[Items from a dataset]

--------

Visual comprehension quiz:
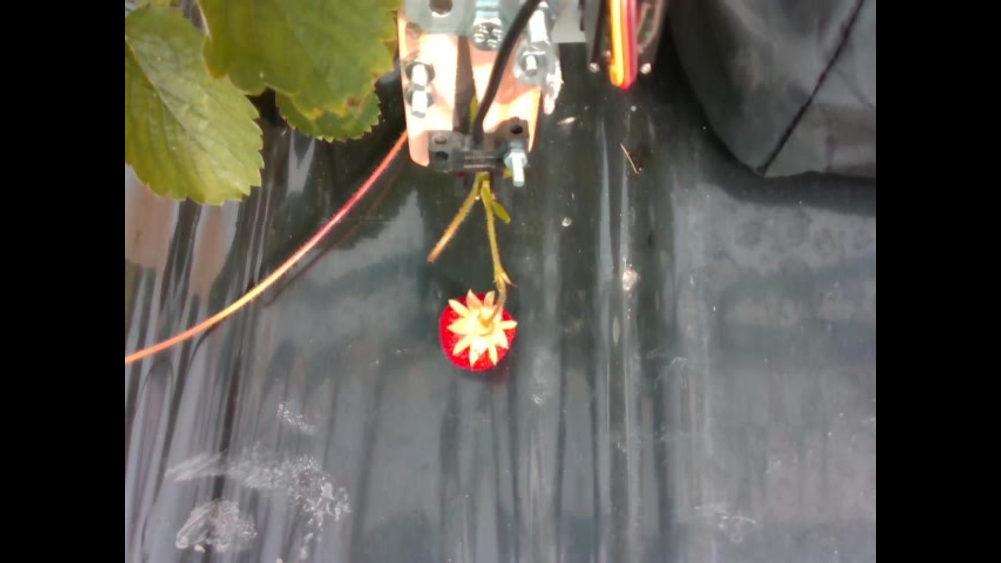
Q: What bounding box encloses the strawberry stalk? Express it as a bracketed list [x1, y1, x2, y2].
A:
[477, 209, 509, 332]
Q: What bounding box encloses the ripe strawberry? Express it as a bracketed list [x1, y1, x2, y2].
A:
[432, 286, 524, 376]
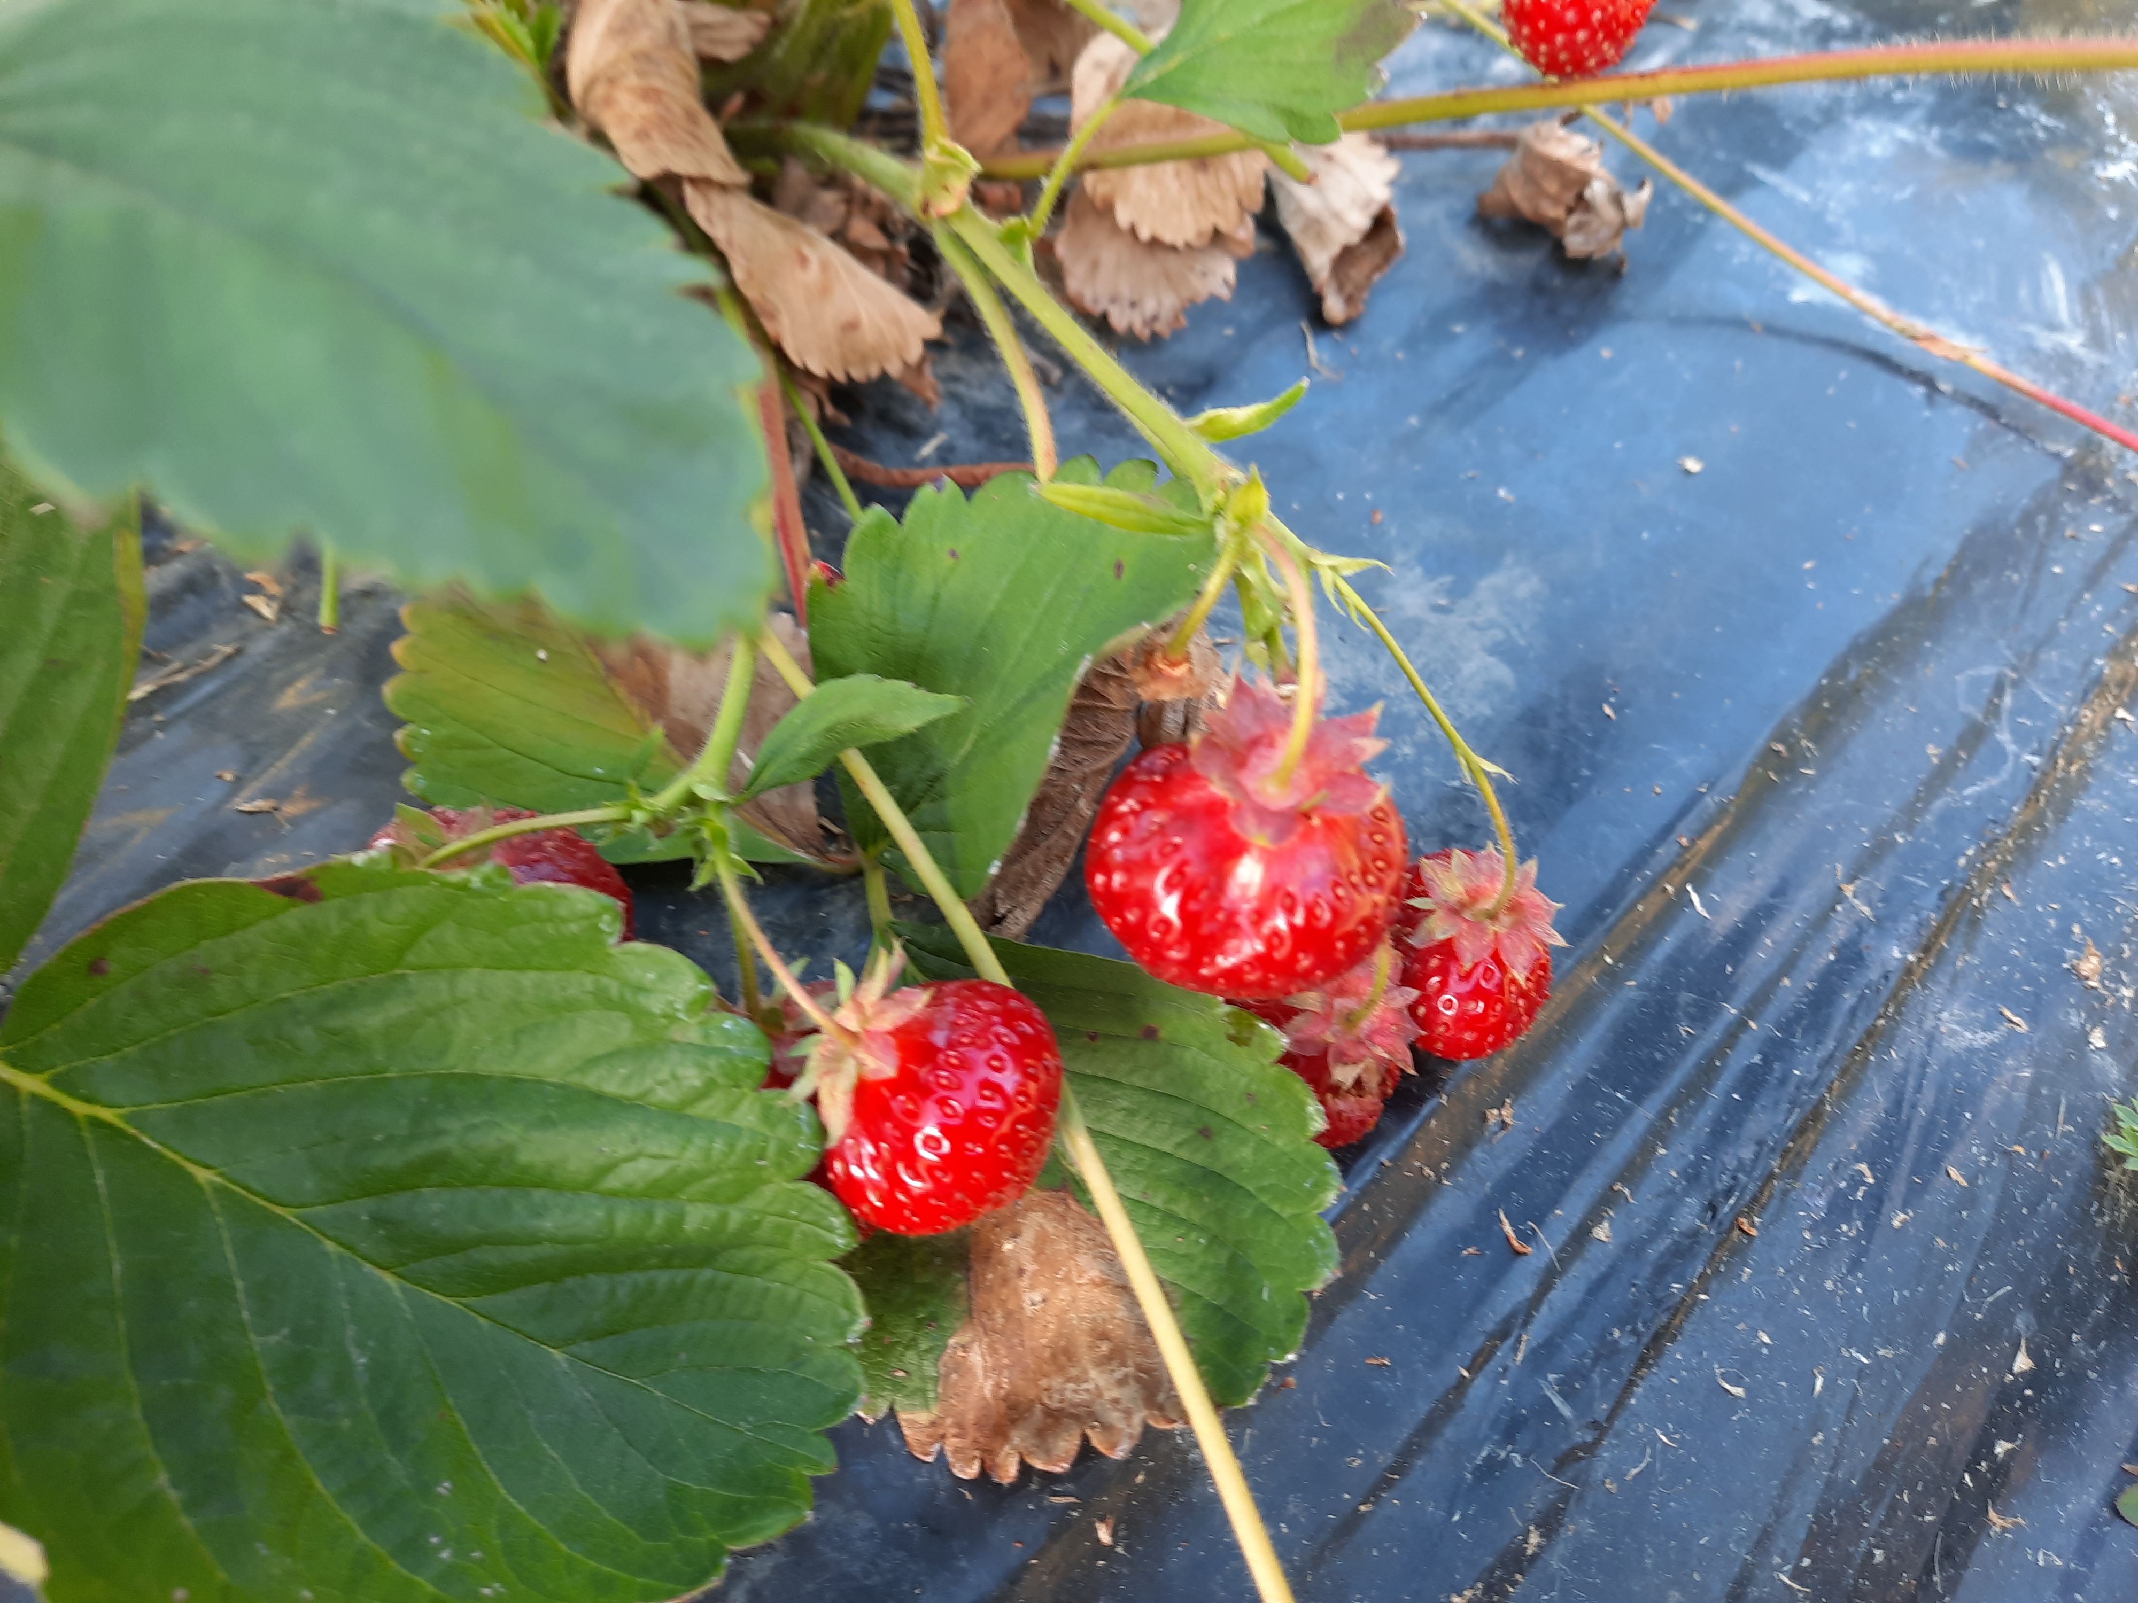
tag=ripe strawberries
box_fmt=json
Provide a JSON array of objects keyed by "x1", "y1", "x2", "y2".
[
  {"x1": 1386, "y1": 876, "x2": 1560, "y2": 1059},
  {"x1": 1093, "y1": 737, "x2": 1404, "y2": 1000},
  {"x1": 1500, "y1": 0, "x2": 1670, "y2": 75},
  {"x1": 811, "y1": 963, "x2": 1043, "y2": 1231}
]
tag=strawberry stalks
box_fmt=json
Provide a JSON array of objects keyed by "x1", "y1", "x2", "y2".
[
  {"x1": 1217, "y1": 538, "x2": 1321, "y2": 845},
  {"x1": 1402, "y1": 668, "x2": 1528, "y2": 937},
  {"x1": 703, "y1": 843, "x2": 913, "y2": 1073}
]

--------

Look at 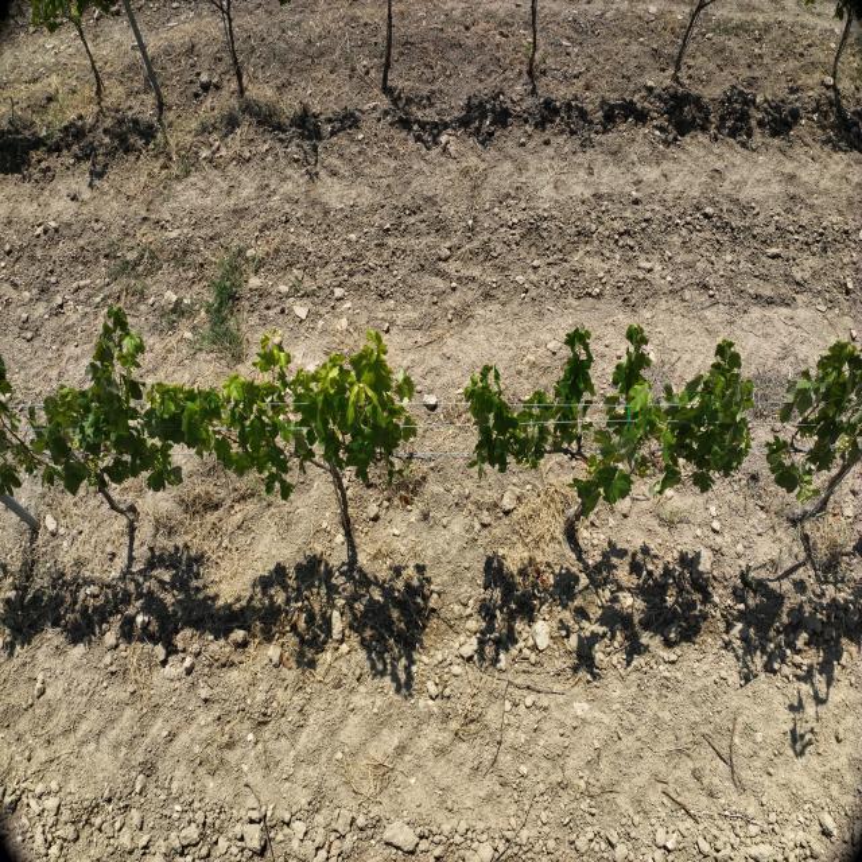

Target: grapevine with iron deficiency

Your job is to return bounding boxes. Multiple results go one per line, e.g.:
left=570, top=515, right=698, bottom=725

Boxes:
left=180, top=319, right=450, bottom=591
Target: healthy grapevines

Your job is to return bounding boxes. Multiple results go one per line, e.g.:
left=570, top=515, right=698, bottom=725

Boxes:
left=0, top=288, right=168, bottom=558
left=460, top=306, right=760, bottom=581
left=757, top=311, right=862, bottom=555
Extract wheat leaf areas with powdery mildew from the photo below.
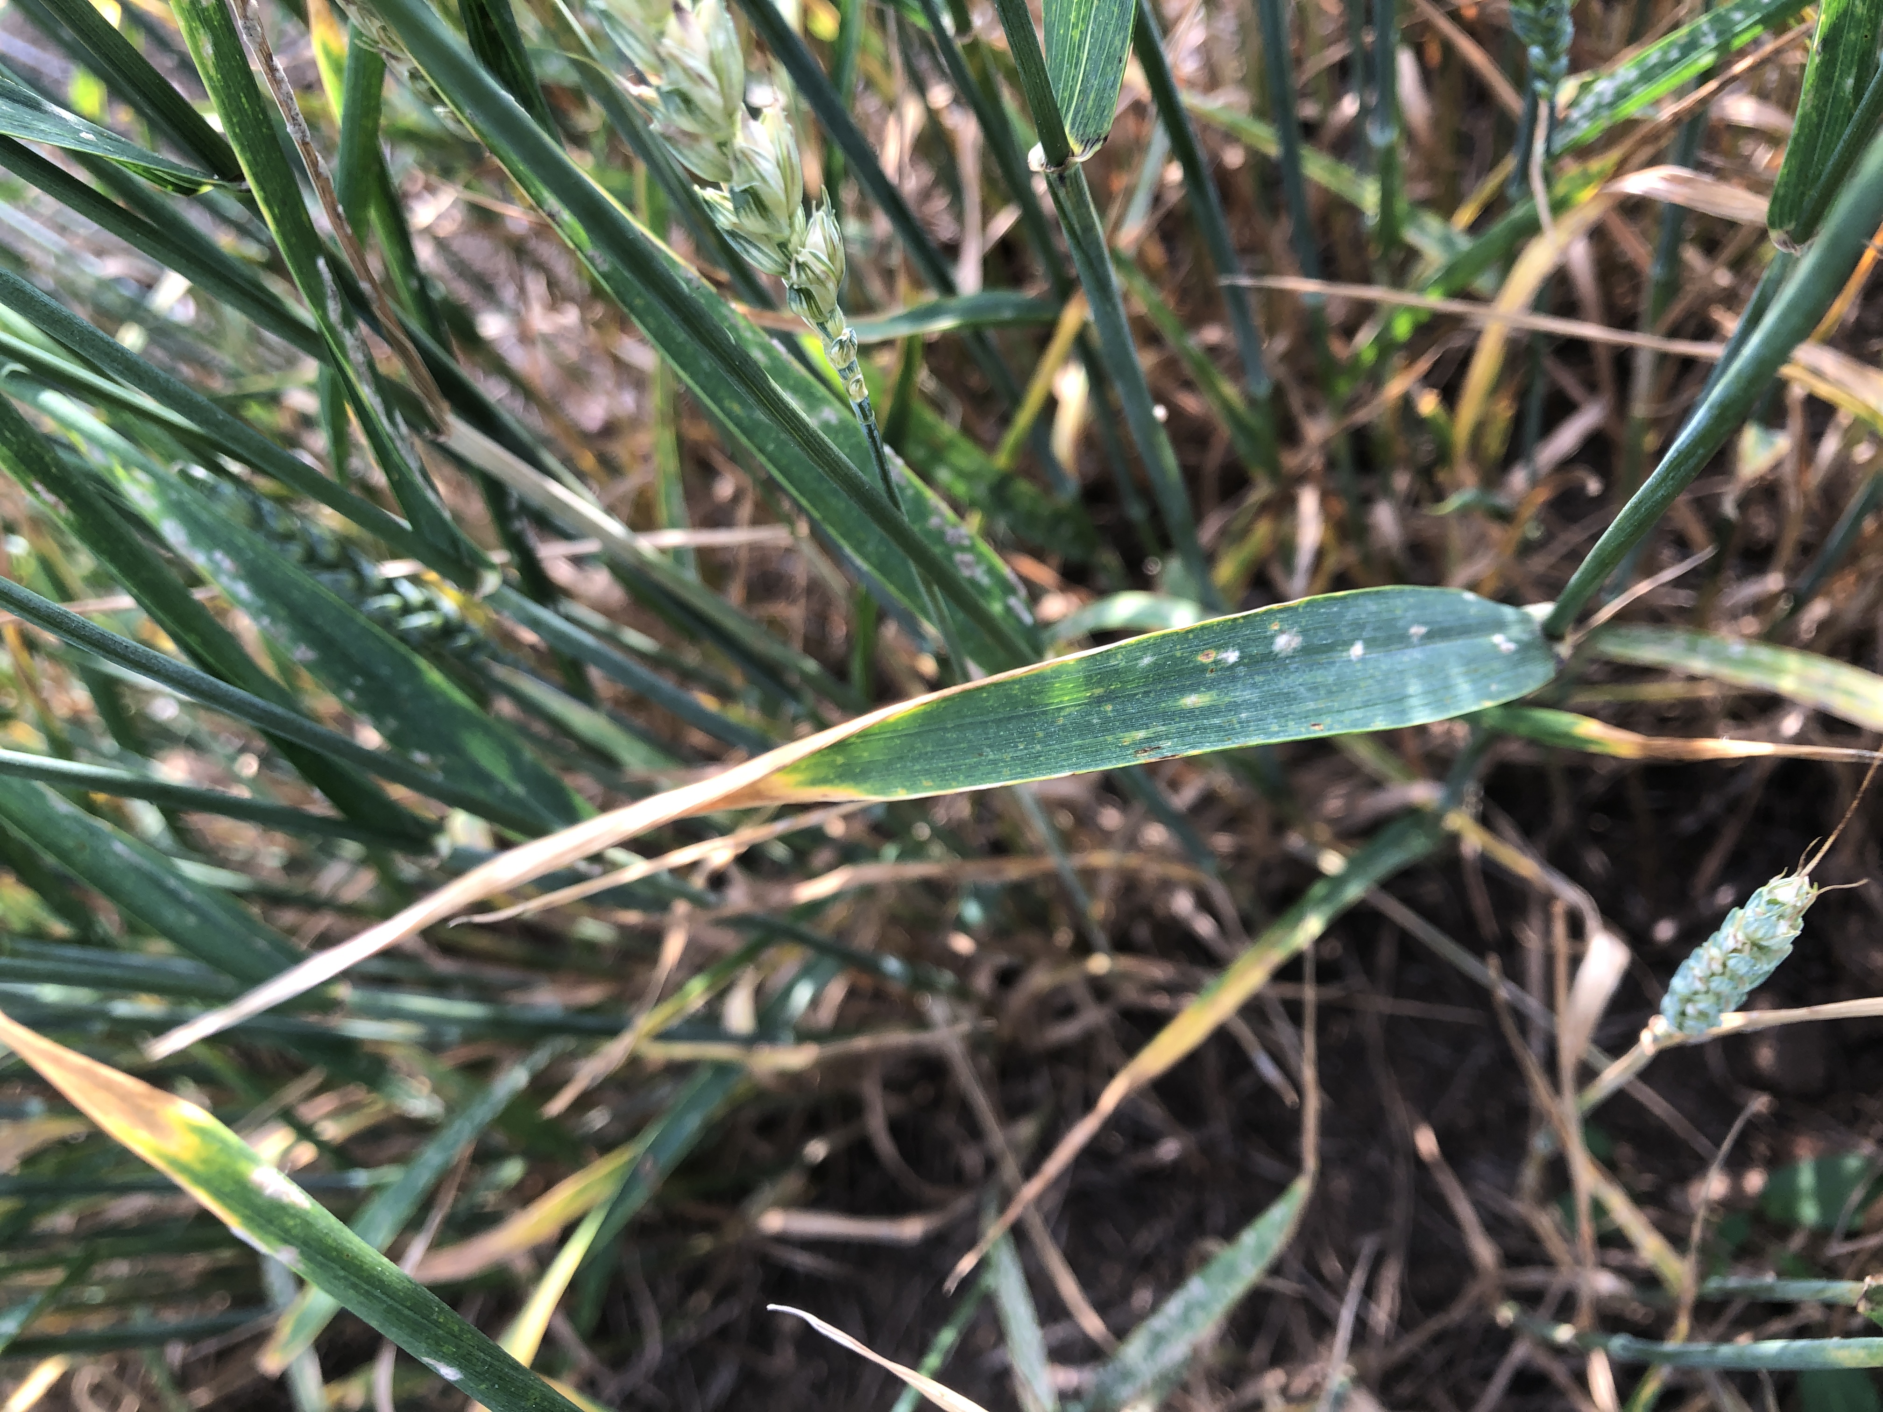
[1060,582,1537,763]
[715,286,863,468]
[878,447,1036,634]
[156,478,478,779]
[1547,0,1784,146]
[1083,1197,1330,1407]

--------

### Problem requirements
Copy every line in the entries above that has the string "Target" in it.

### Solution
Target: grapevine with iron deficiency
Target: healthy grapevines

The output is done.